Maybe you’ve gone through some bad relationships and are worried you’ll be forever alone. Or maybe you had a marriage end and now wonder what you’ll do with the rest of your future that was once deeply tied to someone else’s. Maybe you’re stuck in a job you hate, drowning in student debt and have no idea how to break into another field. Whatever you’re dealing with, it’s not the end of the road until you say it is. Plus, you’re only in your 30s. There is still plenty of time to figure out this weird thing called life. You can even learn to have fun during the process. Here’s how to start.
Let Go of Your Expectations
Get rid of any thoughts in your mind that start with “I should.” Should is a heavy word that usually only fuels our feelings of inadequacy. Rather than thinking about what we can or would like to do, we ruminate over what we haven’t done, what we missed out on and wallow in the disaster that we’ve condemned ourselves to live in. It’s all a lie you’re spinning in your head, and it’s one that will haunt you forever if you don’t decide to kick it aside in favor of more empowering, purposeful thoughts.
Regardless of what you might have liked to achieve by this age, you are where you are. That means you need to consider not only what you have accomplished but what you still can. How can you strive toward those things you fear you’ve missed out on? If it’s a family, do you absolutely need to be married to your soulmate or could you adopt? Maybe you don’t need a significant other to live happily ever after. There’s no age limit to getting a degree, either, so even if you think you “should have” gotten a college education years ago, there’s still plenty of time.
Your expectations are often rooted in other people’s ideas about what makes you a worthwhile person. Over time, you’ve soaked up their impressions and think that unless you meet these standards, you’re no good. Start defining life on your own terms. It doesn’t matter what anyone else thinks as long as you feel content with what you’re striving toward.
Get Smart About Your Money
Finances are one of the biggest stress adults face. Between credit cards, car payments, insurance, bills and student debt, there’s never enough to go around, even if you have a decent job. Focus first and foremost on where you’re losing the most money. Beside necessary expenses, could you cut back on eating out or cancel subscriptions? Even saving $10 a month can make you feel better about yourself. Remember, kick out the “shoulds” and focus more on what you can do.
If debt is a huge obstacle in your life, explore ways to alleviate the strain. A student loan debt consolidation is one option for graduates that could lower your monthly payments and give you more flexibility in your budget. Check out this guide from Earnest to learn more about how it works and the ways it might benefit you. For other kinds of debt, you need to review your credit report each year, possibly refinance or get serious about paying off as many balances as possible. Credit counseling can be helpful if you’re facing significant debt and don’t know how to go about repaying it in a timely manner.
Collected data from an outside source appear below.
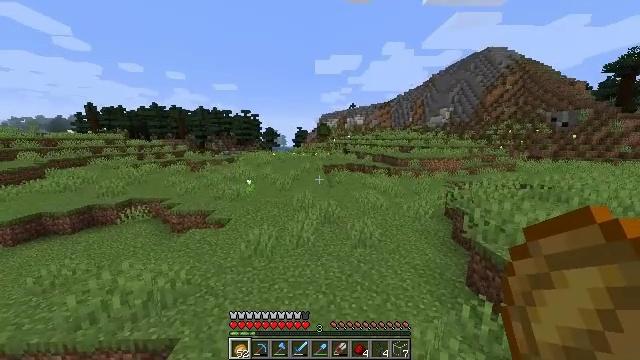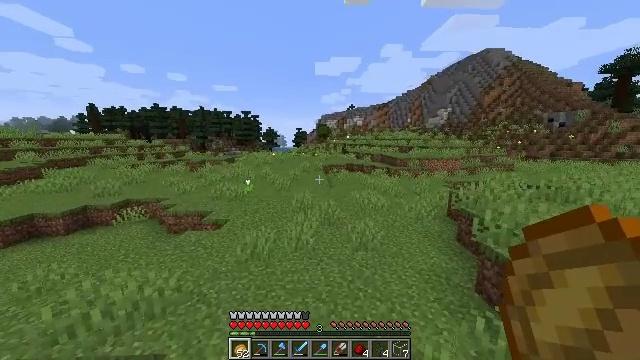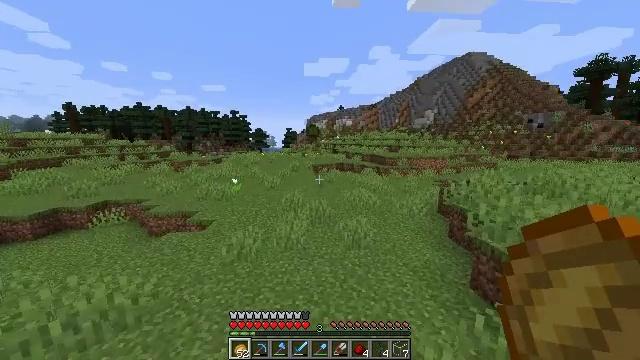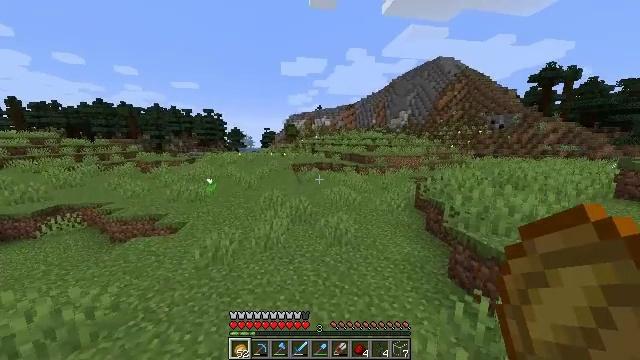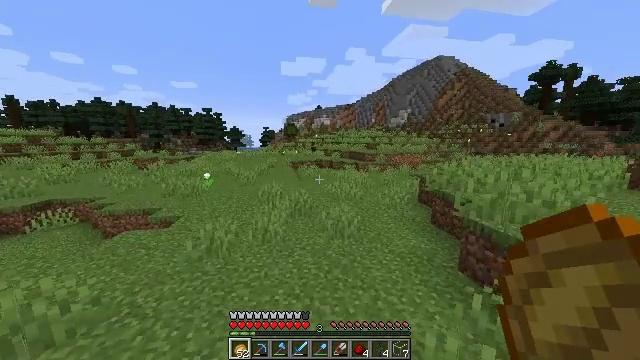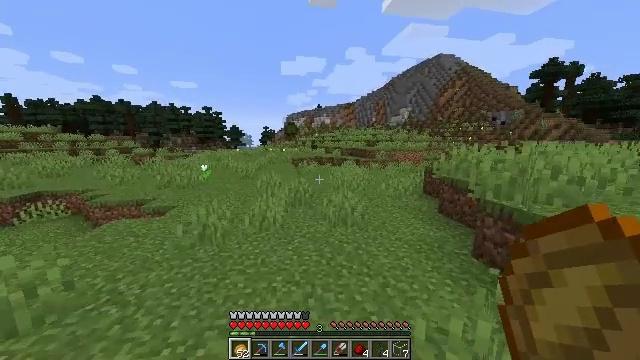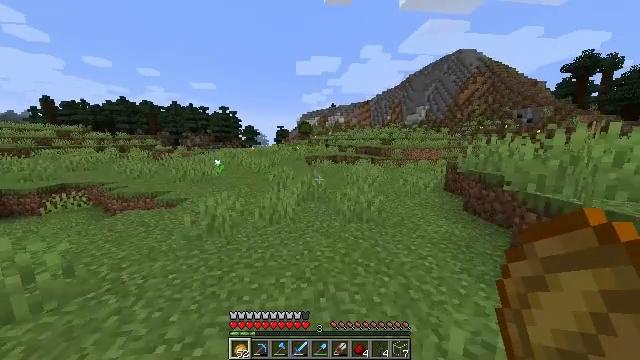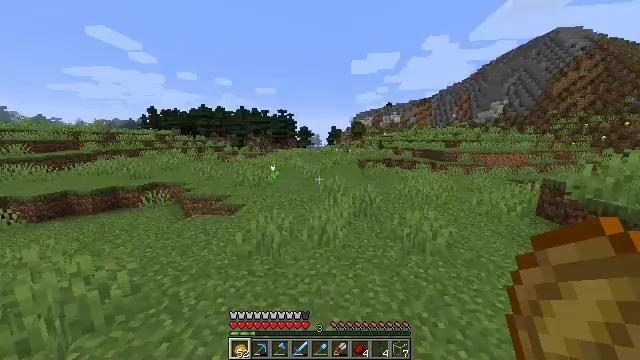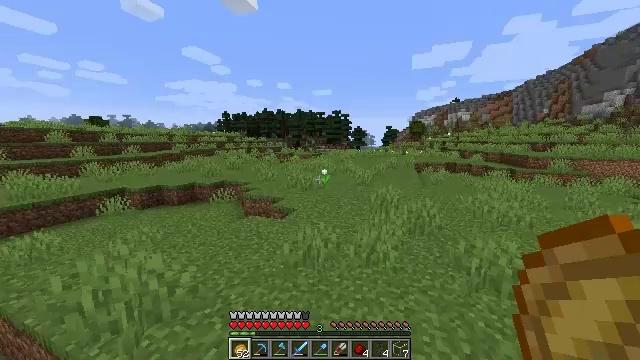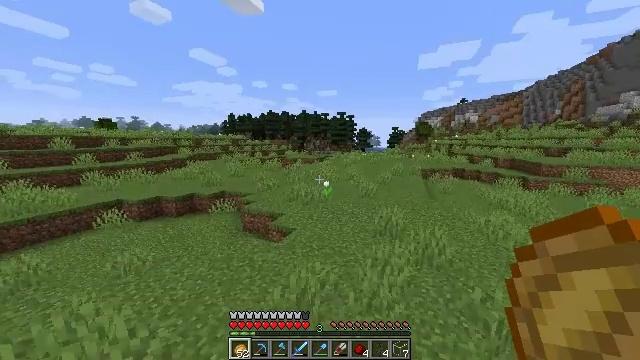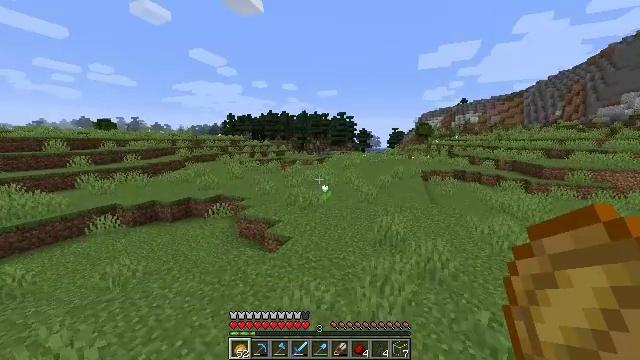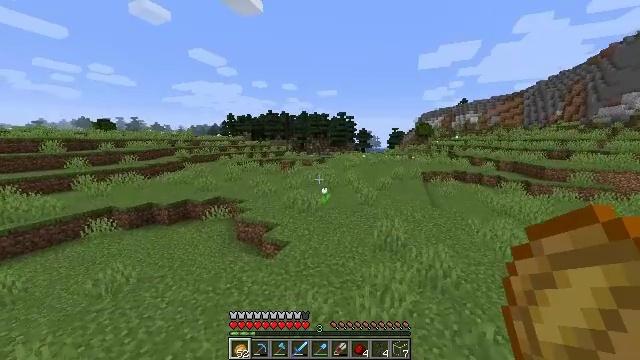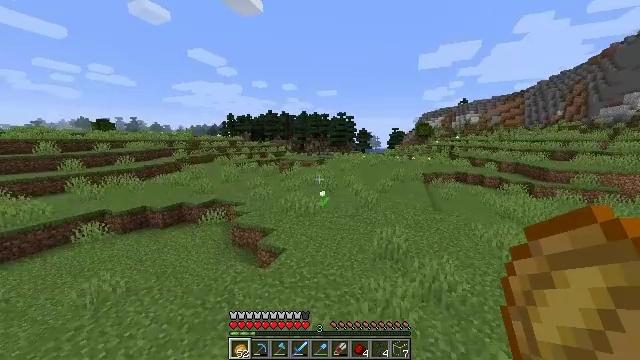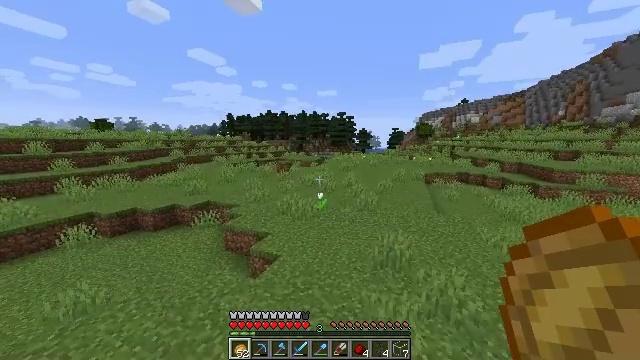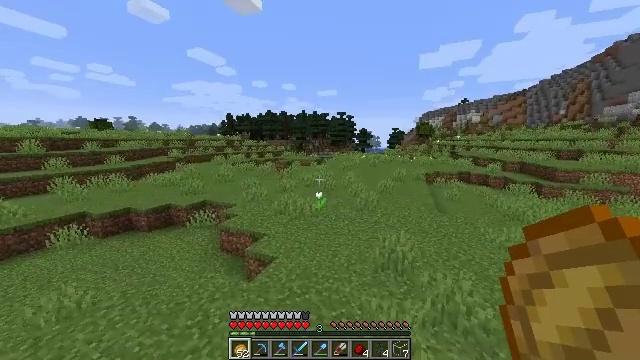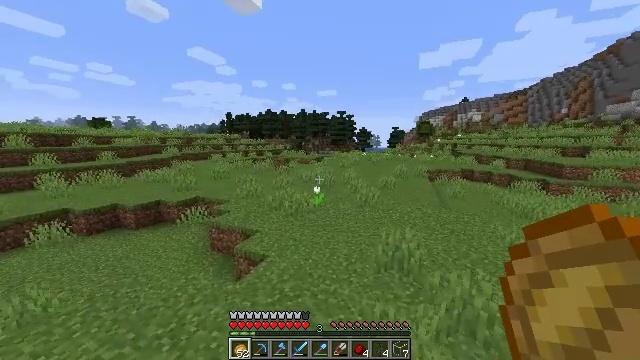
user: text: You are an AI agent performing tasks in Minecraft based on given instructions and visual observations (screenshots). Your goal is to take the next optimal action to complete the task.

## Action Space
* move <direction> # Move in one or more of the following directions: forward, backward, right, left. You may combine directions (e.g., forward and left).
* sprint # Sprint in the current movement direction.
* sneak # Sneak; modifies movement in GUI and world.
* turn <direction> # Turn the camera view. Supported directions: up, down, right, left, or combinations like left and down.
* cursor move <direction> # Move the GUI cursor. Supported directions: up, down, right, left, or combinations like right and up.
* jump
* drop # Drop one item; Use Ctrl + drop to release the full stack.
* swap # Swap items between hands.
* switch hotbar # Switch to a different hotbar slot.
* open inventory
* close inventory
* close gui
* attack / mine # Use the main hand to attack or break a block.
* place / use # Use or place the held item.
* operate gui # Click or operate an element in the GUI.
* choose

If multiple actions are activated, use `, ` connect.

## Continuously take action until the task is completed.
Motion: motion action
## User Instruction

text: Collect the white tulip from the ground.
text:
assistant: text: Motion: move forward, jump
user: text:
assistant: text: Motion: move forward, turn right, jump
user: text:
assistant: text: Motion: move forward, turn right, jump
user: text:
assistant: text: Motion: move forward, jump
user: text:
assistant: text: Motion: move forward, jump
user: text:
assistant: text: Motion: move forward, sprint, turn left, jump
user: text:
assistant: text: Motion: move forward, sprint, turn left, jump
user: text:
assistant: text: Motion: move forward, sprint, turn left, jump
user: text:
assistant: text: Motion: move forward, sprint, turn left, jump
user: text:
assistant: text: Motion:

Get Rid of Those Who Don’t Contribute to Your Life
You aren’t obligated to keep anyone in your life who doesn’t make you feel happy in their presence. If your family always judges you or you have a friend that’s constantly filling your day with drama, start distancing yourself. This process isn’t always as clean as we’d like, but it’s still feasible. For example, you can’t just stop talking to your condescending boss or nosy coworker, but you can develop better communication skills and learn how to tactfully shut them down. As for the ex you always text back and “friends” who only come around when they’re bored, lose their numbers. When you start to believe in your own worth, you’ll find that it’s easier to cut out anyone who doesn’t share your values and support you.
Figure Out Your Career
Some people aren’t cut out for desk jobs, and that’s okay. No one necessarily needs to work a 9-to-5 if they don’t want to. Rather than forcing yourself to continually give your all at a job you hate, reassess your career path and think about where you’d like to go. For just one minute, imagine what you’d be going after if you were 18 and the entire future was a blank canvas. If your heart is pulling you toward a certain path, don’t ignore it. You may have to go the long way around to get there, but whether you wish to return to college or start working as a freelancer, options are out there.
Heal from the Past
Do you find yourself always rehashing things that went wrong in your life? Do you imagine who you’d be if only you’d been given a better chance or someone hadn’t done something to you? These thoughts will never help you grow or heal, but they do serve a purpose. They’re telling you that you have emotional wounds you need to address. Don’t let them bleed forever. If you need help, get it. Whether it’s professional counseling or giving an overdue apology, begin to prioritize your mental well-being by tackling the things you know aren’t ever going to just go away on their own.